#### [Entries supplied]
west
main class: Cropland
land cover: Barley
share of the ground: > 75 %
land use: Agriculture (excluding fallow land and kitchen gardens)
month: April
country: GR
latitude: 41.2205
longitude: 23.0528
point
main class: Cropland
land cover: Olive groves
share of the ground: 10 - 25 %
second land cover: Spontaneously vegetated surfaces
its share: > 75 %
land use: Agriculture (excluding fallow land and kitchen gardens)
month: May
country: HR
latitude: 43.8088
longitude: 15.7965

* * *

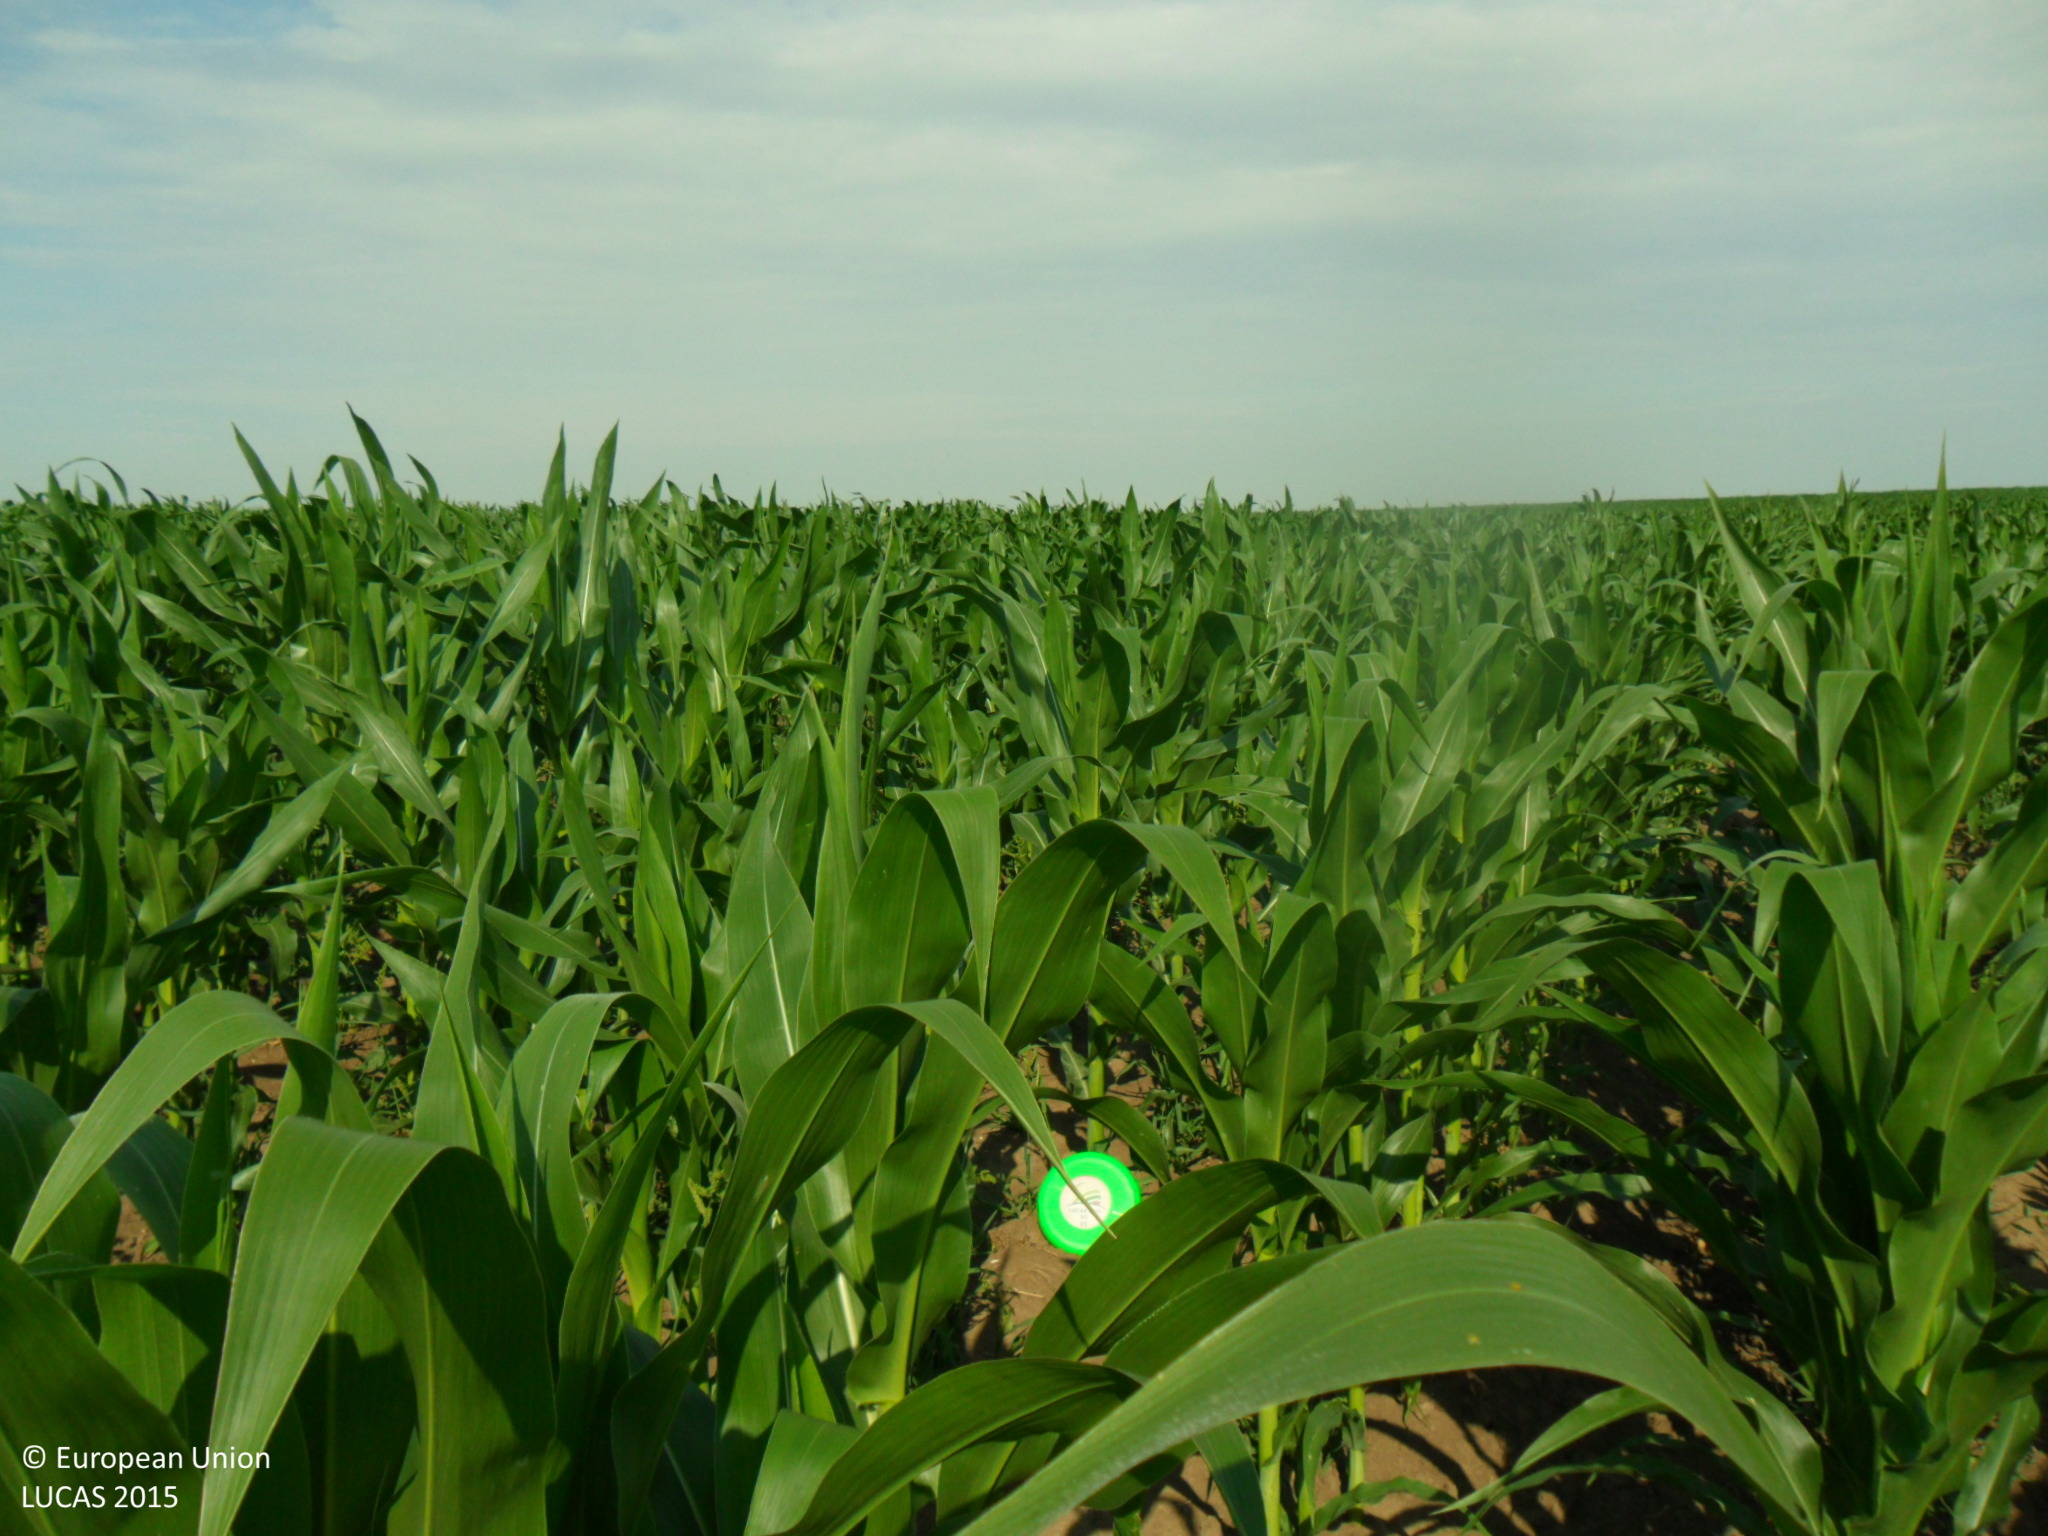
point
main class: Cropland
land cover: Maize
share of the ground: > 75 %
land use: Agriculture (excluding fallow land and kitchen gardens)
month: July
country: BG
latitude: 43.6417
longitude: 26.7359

#### [The task]
In the listing above, find the line holding "country: GR" and the line holding "longitude: 15.7965", then output those two lines and every line between them exactly.

#### [Exercise answer]
country: GR
latitude: 41.2205
longitude: 23.0528
point
main class: Cropland
land cover: Olive groves
share of the ground: 10 - 25 %
second land cover: Spontaneously vegetated surfaces
its share: > 75 %
land use: Agriculture (excluding fallow land and kitchen gardens)
month: May
country: HR
latitude: 43.8088
longitude: 15.7965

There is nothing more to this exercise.